= Given data =
━━━━━━━━

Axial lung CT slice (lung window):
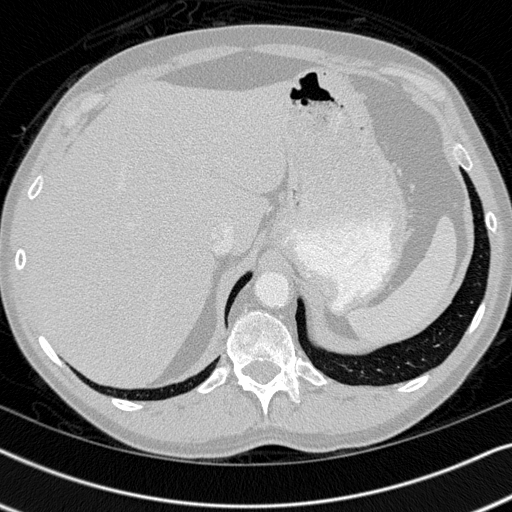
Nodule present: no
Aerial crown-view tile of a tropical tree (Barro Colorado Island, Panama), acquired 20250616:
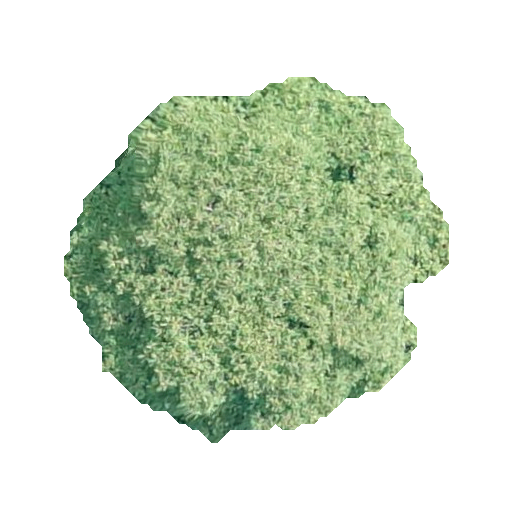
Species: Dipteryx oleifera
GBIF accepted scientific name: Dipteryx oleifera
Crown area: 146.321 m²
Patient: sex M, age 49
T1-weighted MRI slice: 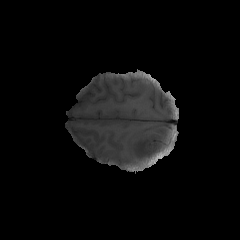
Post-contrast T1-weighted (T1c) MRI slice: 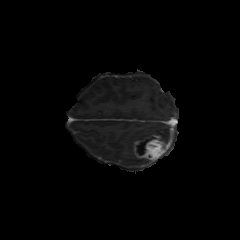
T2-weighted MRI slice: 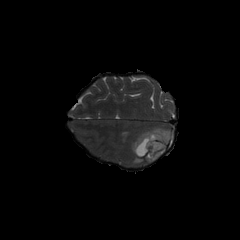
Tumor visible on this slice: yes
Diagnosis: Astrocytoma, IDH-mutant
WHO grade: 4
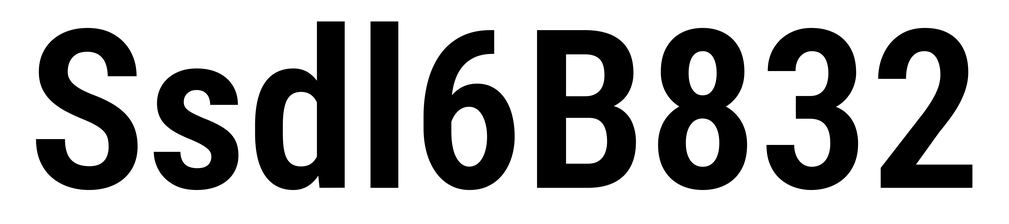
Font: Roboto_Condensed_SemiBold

━━━━━━━━

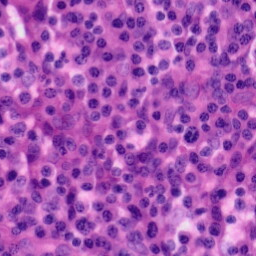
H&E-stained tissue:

━━━━━━━━

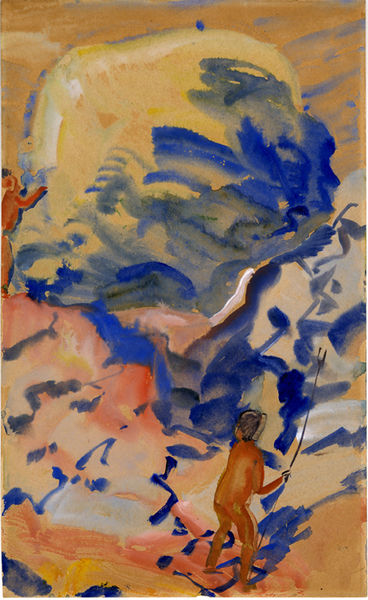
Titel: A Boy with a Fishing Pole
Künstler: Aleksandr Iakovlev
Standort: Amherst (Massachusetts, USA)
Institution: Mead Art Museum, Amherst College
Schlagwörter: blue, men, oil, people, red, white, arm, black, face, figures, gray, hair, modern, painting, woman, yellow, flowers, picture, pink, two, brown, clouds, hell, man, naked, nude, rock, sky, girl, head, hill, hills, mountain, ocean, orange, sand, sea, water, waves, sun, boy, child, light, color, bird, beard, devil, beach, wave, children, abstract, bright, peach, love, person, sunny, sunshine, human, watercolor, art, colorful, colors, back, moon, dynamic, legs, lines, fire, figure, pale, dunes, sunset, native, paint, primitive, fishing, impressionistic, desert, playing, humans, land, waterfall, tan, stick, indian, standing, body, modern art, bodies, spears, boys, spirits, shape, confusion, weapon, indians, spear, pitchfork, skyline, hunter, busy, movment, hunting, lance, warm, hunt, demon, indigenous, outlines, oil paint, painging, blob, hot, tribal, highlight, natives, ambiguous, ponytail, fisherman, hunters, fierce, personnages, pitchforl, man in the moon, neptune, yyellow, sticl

━━━━━━━━

= Assigned task =
Print, word for word, the lines above that run from the line containing "Axial lung CT" to the line containing "Font: Roboto_Condensed_SemiBold", both included. Keep the pictures out.

= Response area =
Axial lung CT slice (lung window):
Nodule present: no
Aerial crown-view tile of a tropical tree (Barro Colorado Island, Panama), acquired 20250616:
Species: Dipteryx oleifera
GBIF accepted scientific name: Dipteryx oleifera
Crown area: 146.321 m²
Patient: sex M, age 49
T1-weighted MRI slice: 
Post-contrast T1-weighted (T1c) MRI slice: 
T2-weighted MRI slice: 
Tumor visible on this slice: yes
Diagnosis: Astrocytoma, IDH-mutant
WHO grade: 4
Font: Roboto_Condensed_SemiBold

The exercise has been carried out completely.